Few famous standards and frameworks which can help organisations to mitigate IT risks are:
- ISO 31000
- NIST Risk Management Framework
- ISO 27001
- ISO 27005
For any organisation risk identification is the first step for risk mitigation. An undetected risk is the most dangerous thing, a treatment methodology can be only be implemented once the risk is identified. Organisation need a right approach and skilled workforce to this job.Step by Step risk management process will help organisation’s to mitigate IT related risk and get an effective and efficient IT system to achieve business goals.
ISO 27001: ISO 27001 is a standard that is folloVendord for the Information Security Management System (ISMS) of an organization in which, the said company’s compliance status is checked, based on which new policies are created and applied. It’s a mandate in many sectors such as companies involved in the Cyber Security domain.ISMS includes the 3 major elements of cyber security: Confidentiality, Integrity, Availability (CIA).
To ensure compliance to the CIA in terms of ISO 27k1 the companies need to
- Assess the risks
- Formulate policies
- Implement policies
- Continuous monitoring & Updates
The departments/processes that go through the above mentioned process are both, IT & Non IT Infrastructure of a company, but the audit of ISO 27k1 is mainly focused on the IT Infrastructure of a company.
ISO 27001 Certification:
Being ISO 27001 Certified means, the certification body that you choose for this process (PECB or IRCA), gives you an attested confirmation that your organization is compliant to all the guidelines of ISO 27k1.

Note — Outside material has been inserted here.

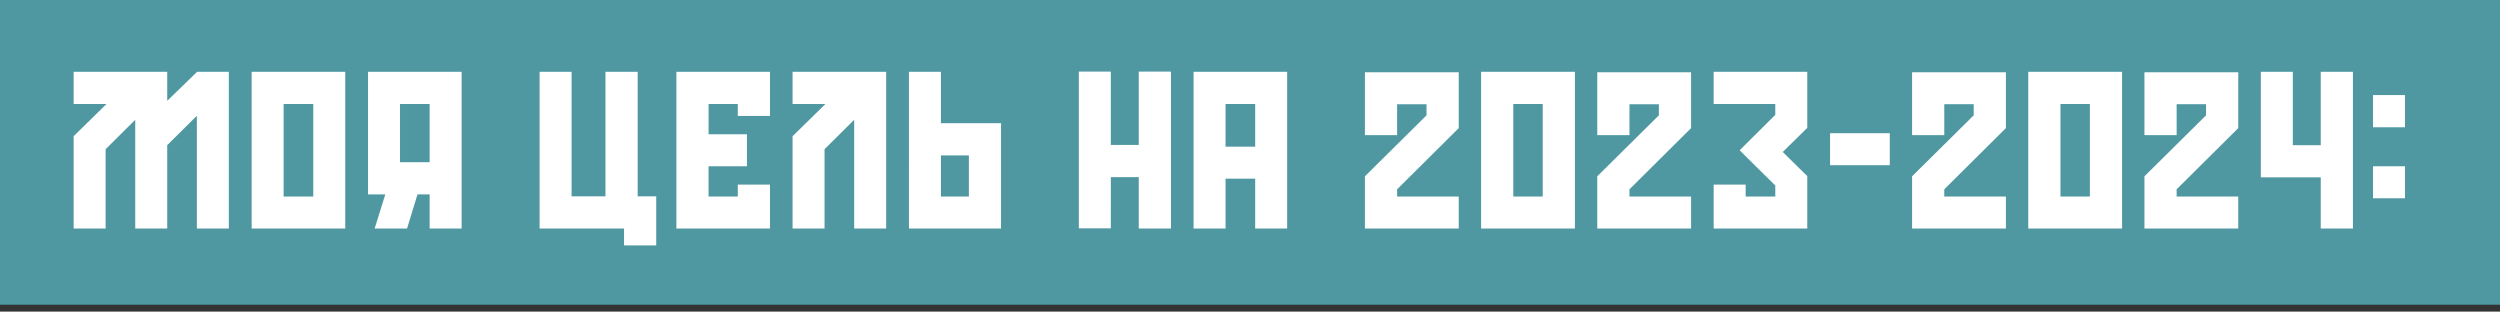 <?xml version="1.0" encoding="UTF-8"?> <svg xmlns="http://www.w3.org/2000/svg" width="361" height="45" fill="none"><rect width="100%" height="100%" fill="#333333" stroke="none"/> <path fill="#4F98A2" d="M0 0h361v44H0z"></path> <path d="M28.426 10.372v.03l-4.279 4.157v-4.187H10.632v4.649h4.74l-4.74 4.648V33h4.618V21.547l4.279-4.248V33h4.618V20.962l4.28-4.248V33h4.617V10.372h-4.618Zm7.911 0V33h13.516V10.372H36.337Zm8.898 18.01h-4.28V15.021h4.28v13.361Zm7.909-.308h2.493L54.098 33h4.68l1.508-4.926h1.755V33h4.618V10.372H53.144v17.702Zm8.897-4.649h-4.28v-8.404h4.28v8.404ZM77.917 33H90.11v2.432h4.649v-7.08h-2.679v-17.98H87.43v17.98h-4.895v-17.98h-4.618V33Zm33.268 0v-6.342h-4.648v1.724h-4.218V24.01h5.541v-4.618h-5.541v-4.371h4.218v1.724h4.648v-6.373H97.67V33h13.515Zm16.777-22.628h-13.516v4.649h4.741l-4.741 4.648V33h4.618V21.547l4.28-4.248V33h4.618V10.372Zm7.909 7.42v-7.42h-4.618V33h13.3V17.791h-8.682Zm0 10.59V22.44h4.033v5.942h-4.033Zm28.566-18.041v10.59h-4.033v-10.59h-4.618v22.628h4.618V25.58h4.033V33h4.649V10.341h-4.649Zm7.915.03V33h4.618v-7.204h4.279V33h4.618V10.372h-13.515Zm4.618 10.807V15.02h4.279v6.157h-4.279Zm20.124-10.745v9.082h4.649v-4.464h4.249v1.601l-8.898 8.805V33h13.547v-4.618h-8.898v-1.047l8.898-8.835v-8.067h-13.547Zm16.777-.061V33h13.546V10.372h-13.546Zm8.897 18.01h-4.248V15.021h4.248v13.361Zm7.879-17.949v9.082h4.649v-4.464h4.248v1.601l-8.897 8.805V33h13.546v-4.618h-8.897v-1.047l8.897-8.835v-8.067h-13.546ZM260.969 33v-7.573l-3.54-3.48c.369-.369 3.109-3.047 3.54-3.478v-8.097h-13.515v4.649h8.897v1.57s-3.047 3.017-5.141 5.11a925.749 925.749 0 0 0 5.141 5.08v1.601h-4.279v-1.724h-4.618V33h13.515Zm11.912-9.144v-4.618h-8.62v4.618h8.62Zm3.224-13.423v9.082h4.649v-4.464h4.249v1.601l-8.898 8.805V33h13.547v-4.618h-8.898v-1.047l8.898-8.835v-8.067h-13.547Zm16.777-.061V33h13.546V10.372h-13.546Zm8.897 18.01h-4.248V15.021h4.248v13.361Zm7.879-17.949v9.082h4.649v-4.464h4.248v1.601l-8.897 8.805V33h13.546v-4.618h-8.897v-1.047l8.897-8.835v-8.067h-13.546Zm16.807 15.178h8.651V33h4.649V10.372h-4.649v10.59h-4.033v-10.59h-4.618v15.24Zm16.197-7.235h4.618v-4.648h-4.618v4.648Zm0 10.252h4.618V24.01h-4.618v4.618Z" fill="#fff"></path> </svg>

Now there are two types of certifications in ISO: Individual / Organization
The process for an Individual certified professional is completely different from that of a Certified Organization, these certified professionals then move on to performing the process of certifying the organization.

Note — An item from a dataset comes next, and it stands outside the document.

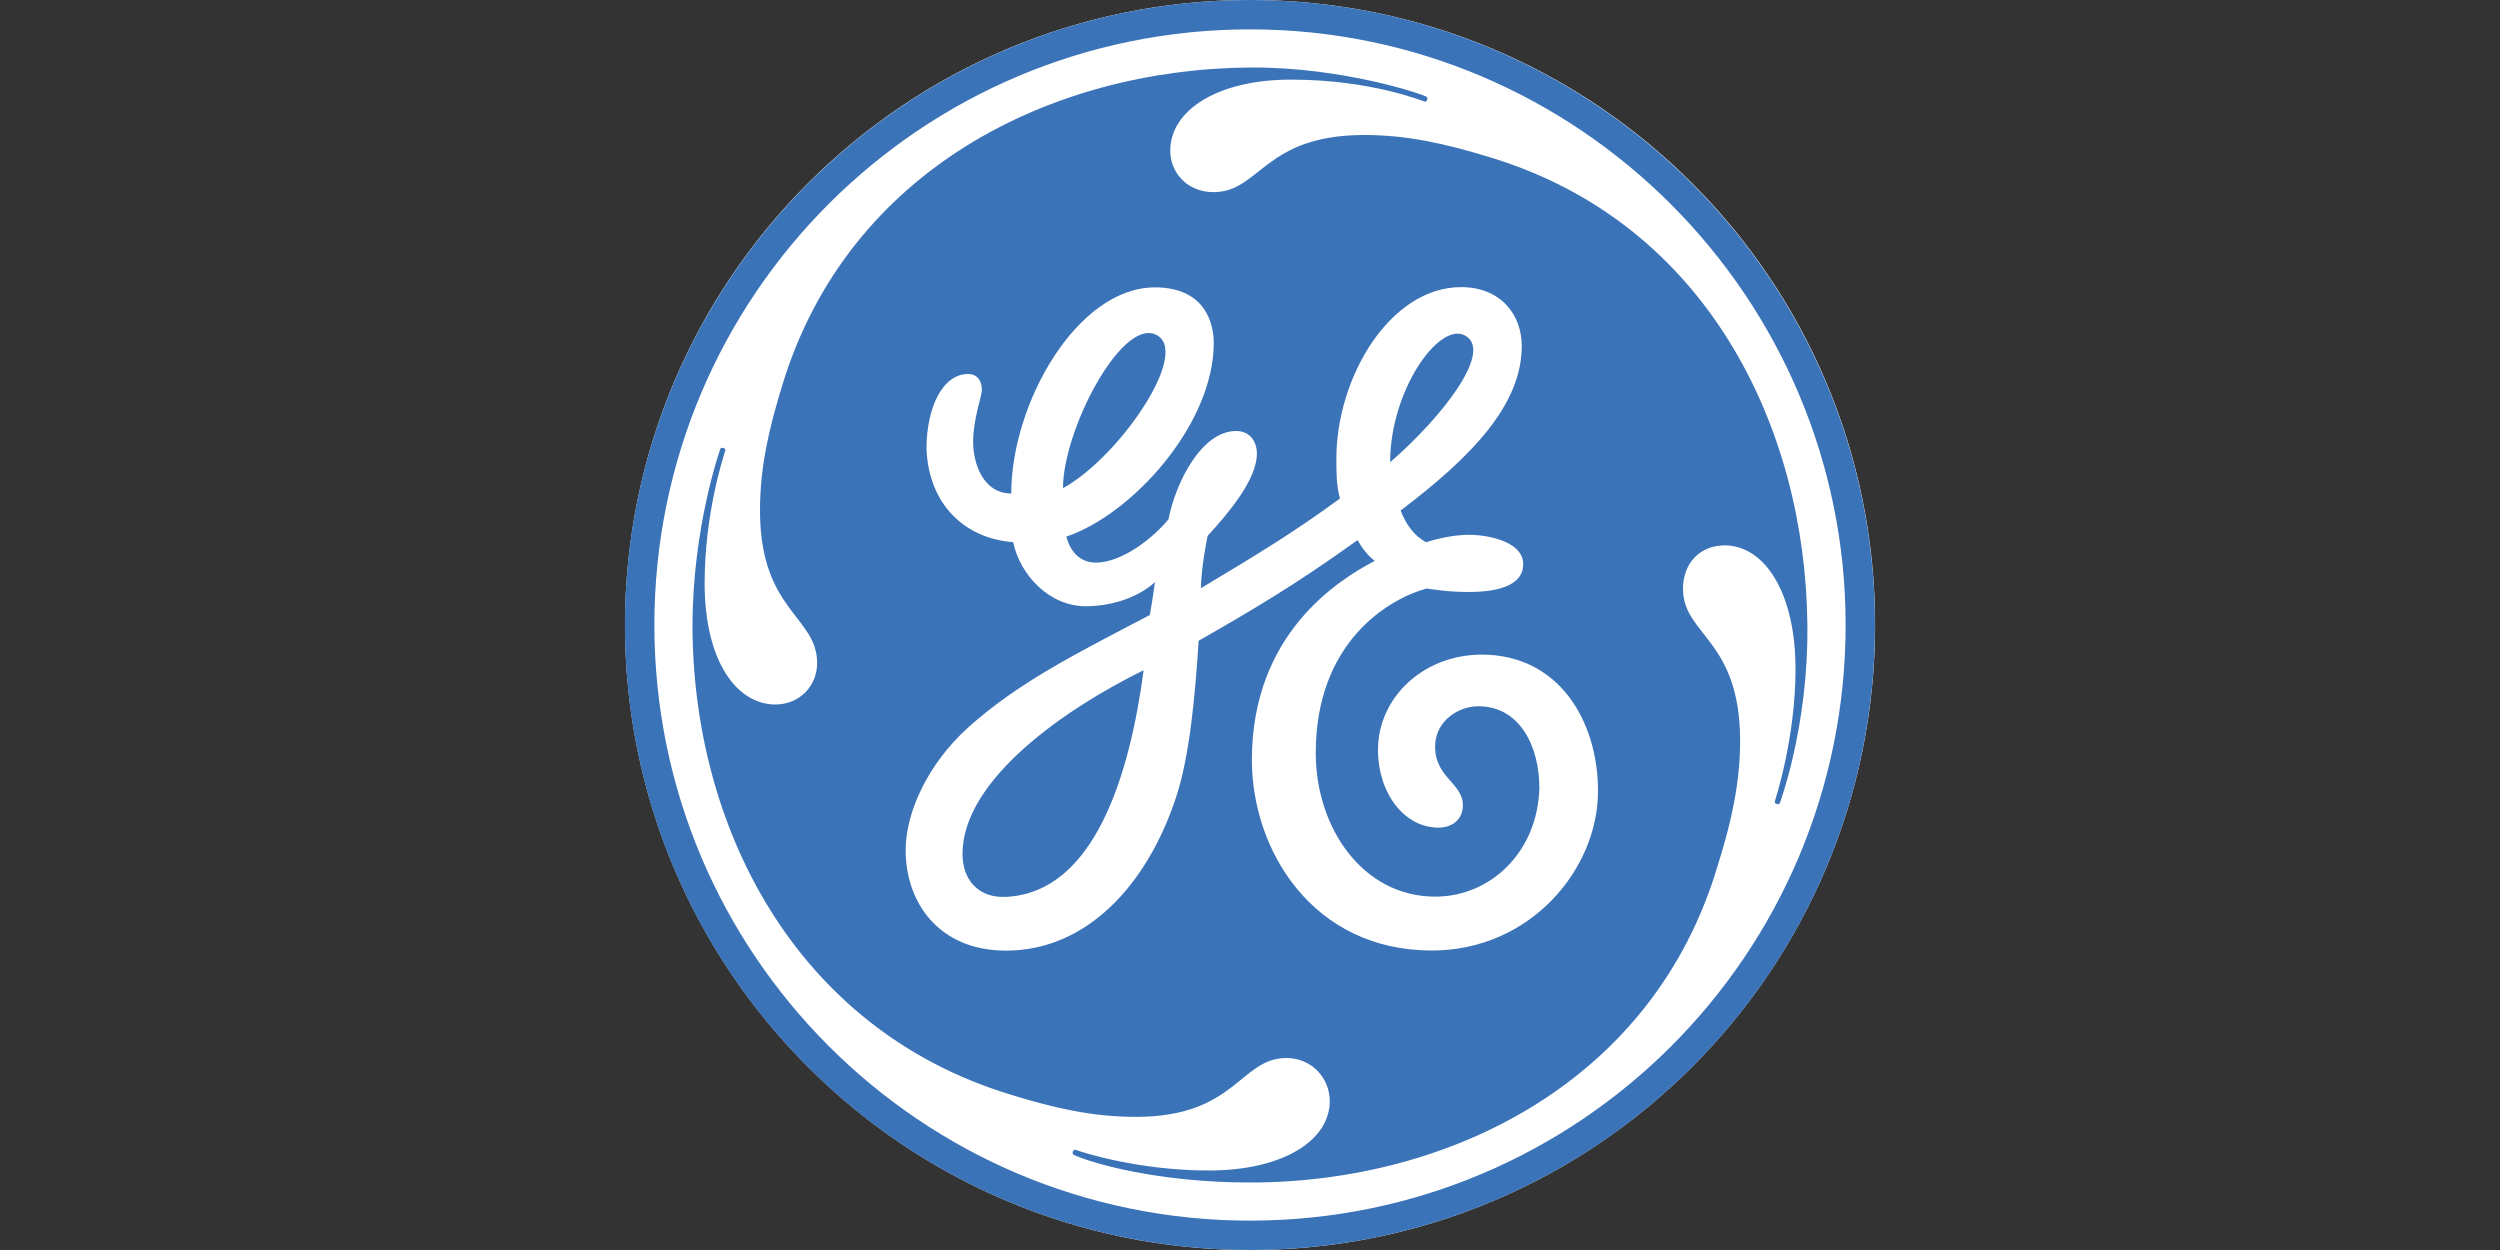 <?xml version="1.0" encoding="UTF-8"?> <svg xmlns="http://www.w3.org/2000/svg" xmlns:xlink="http://www.w3.org/1999/xlink" version="1.1" id="Layer_1" x="0px" y="0px" viewBox="0 0 200 100" style="enable-background:new 0 0 200 100;" xml:space="preserve"><rect x="0" y="0" width="200" height="100" fill="#333333" stroke="none"/> <style type="text/css"> .st0{fill:#FFFFFF;} .st1{fill:#3B73B9;} </style> <g id="g10" transform="matrix(1, 0, 0, 1, 0, 0)"> <g id="g12" transform="scale(0.1,0.1)"> <path id="path14" class="st0" d="M1000,1000c276.2,0,500.1-223.9,500.1-500S1276.1,0,1000,0S500,224,500,500.1 S723.9,1000,1000,1000"></path> <path id="path16" class="st1" d="M1112.1,369.8c0-56.8,38.5-112,59.5-101.6C1195.6,280.1,1153.7,333.8,1112.1,369.8 M850.4,390.5 c0-45.7,45.1-132.6,72.7-123.4C955.6,278,896.1,365.6,850.4,390.5 M804.6,717.5c-20.7,1-34.6-12.4-34.6-34.4 c0-59.5,82.6-116.4,144.9-146.9C903.9,619.2,875.8,714.3,804.6,717.5 M1185.5,523.7c-47.1,0-83.1,34.6-83.1,76.1 c0,34.6,20.8,62.3,48.5,62.3c9.8,0,19.4-5.6,19.4-18c0-18.1-23.9-22.5-22.1-49.4c1.2-17.7,18-29.7,34.5-29.7 c33.2,0,48.8,32.2,48.8,65.4c-1.4,51.3-39.1,86.9-83.3,86.9c-58.2,0-95.6-55.3-95.6-114.9c0-88.7,58.2-123.3,88.7-131.6 c0.3,0,79.6,14.1,77.2-20.9c-1.2-15.4-24-21.3-40.5-22c-18.4-0.7-37,5.9-37,5.9c-9.6-4.9-16.4-14.5-20.5-25.4 c56.8-43,96.9-84.5,96.9-131.6c0-24.9-16.7-47.1-48.5-47.1c-56.8,0-99.8,72-99.8,137.2c0,11.1,0,22.2,2.9,31.9 c-36,26.3-62.8,42.7-111.3,71.8c0-6,1.3-21.8,5.4-41.9c16.6-18.1,39.4-45,39.4-65.8c0-9.7-5.5-18.1-16.7-18.1 c-27.7,0-48.4,41.6-54,70.6c-12.5,15.3-37.4,34.7-58.2,34.7c-16.6,0-22.2-15.2-23.5-20.8C905.9,411.4,971,339.4,971,274.3 c0-13.8-5.6-44.4-47.1-44.4C861.6,230,809,322.8,809,394.8c-22.2,0-30.5-23.5-30.5-41.5c0-18.1,7-36,7-41.6 c0-5.6-2.7-12.5-11.1-12.5c-20.7,0-33.2,27.7-33.2,59.6c1.5,44.4,30.5,72.1,69.3,74.9c5.6,26.4,29,51.3,58.1,51.3 c18.1,0,40.2-5.6,55.4-19.3c-1.4,9.7-2.7,18.1-4.1,26.3c-61,31.9-105.3,54.1-145.5,90.1c-31.9,28.8-49.9,67.6-49.9,98 c0,41.6,26.3,80.4,80.3,80.4c63.7,0,112.2-51.2,135.8-121.9c11.1-33.2,15.5-81.6,18.3-126c63.7-36.1,93.9-56.8,127.1-80.5 c4.1,7,8.3,12.5,13.8,16.6c-29,15.2-98.3,58.2-98.3,159.3c0,72,48.5,152.4,144,152.4c79,0,132.9-65.2,132.9-127.5 C1278.4,576.2,1246.6,523.7,1185.5,523.7 M1423.8,642.6c-0.2,0.4-1,1-2.5,0.5c-1.3-0.4-1.5-1-1.5-1.8 c0.1-0.7,16.7-50.1,16.6-106.5c-0.1-61-24.9-98.5-56.7-98.5c-19.4,0-33.3,13.9-33.3,34.7c0,37.4,45.7,40.2,45.7,121.9 c0,33.2-7,65-18,99.7c-51.3,173.1-214.8,253.4-373.9,253.4c-73.5,0-125.7-15.1-141.2-22.1c-0.6-0.3-1.3-1.6-0.7-2.7 c0.3-1,1.5-1.6,2.1-1.4c6.3,2.4,51.1,16.6,106.5,16.6c60.9,0,96.9-24.9,96.9-55.4c0-19.3-15.2-34.6-34.6-34.6 c-37.4,0-40.2,47.1-120.6,47.1c-34.6,0-65.2-7-101.1-18.1C635.7,822.7,554,660.7,554,500c0.1-78.2,22.1-140.7,22.4-141.2 c0.3-0.4,1.3-0.8,2.4-0.4c1.3,0.4,1.5,1.4,1.5,1.8c-2,6.4-16.6,51.2-16.6,106.5c0,61,24.9,96.9,56.8,96.9 c18,0,33.2-13.8,33.2-33.2c0-37.5-45.7-41.6-45.7-122c0-34.6,7-65.2,18.1-101.1C678.7,135.7,840.8,55.2,1000,54 c74-0.5,138.8,21.5,141.3,23.5c0.4,0.3,0.8,1.3,0.4,2.4c-0.6,1.4-1.5,1.5-1.9,1.4c-0.7-0.1-42.9-17.6-106.7-17.6 c-59.6-0.1-96.9,24.9-96.9,56.8c0,18,13.9,33.2,34.6,33.2c37.4,0,40.2-45.7,120.6-45.7c34.5,0,65,6.9,101.1,18 c173.2,52.6,252,216.1,253.4,374C1446.8,580.9,1424,642.1,1423.8,642.6 M1000,23.5c-263.1,0-476.5,213.2-476.5,476.5 c0,263.1,213.3,476.5,476.5,476.5s476.5-213.2,476.5-476.5C1476.5,238.2,1263.1,23.5,1000,23.5 M1000,1000 c-275.6,0-500.1-223-500.1-500C500,224.3,724.4,0,1000,0s500,224.3,500,500.1C1500,777.1,1275.6,1000,1000,1000"></path> </g> </g> </svg>

Types of ISO certified Professionals
- Lead Auditor
- Lead Implementer
A lead auditor is the one who is responsible for leading the audit team in an organization. He or she prepares the audit plan, delivers meetings and submits audit report at the end of quarter or year. Conducting audits is the main responsibility of a lead auditor and that needs to be done on a daily basis.
A Lead implementer is the one responsible for bringing the Lead auditor plan into action and makes sure all the policies are implemented and properly controlled.
Process of getting certified
According to PECB, the process for getting ISO 27k1 LA/LI certified is nearly not as lengthy for individuals as it is for the organizations.
- Previous experience: minimum 4 years of job experience in IT is crucial, out of which at least 2 years has to be in cyber security.
- Training & Examination: After attending 5 days of training in ISO 27k1 LA/LI, in the course outline guided by the certification body of your choice/requirement, you have to submitted a certain examination fee to the certification body, after which, an invoice in your name along with your exam question papers are prepared & sent to the authorized training center for you to attempt the exam.
- Certification process: After attempting the certification exam, the candidate fills the certification forms in which they put in the required information, In the back-end the certification body verifies the information given by the candidates and if the compliance is there, the certificate is issued.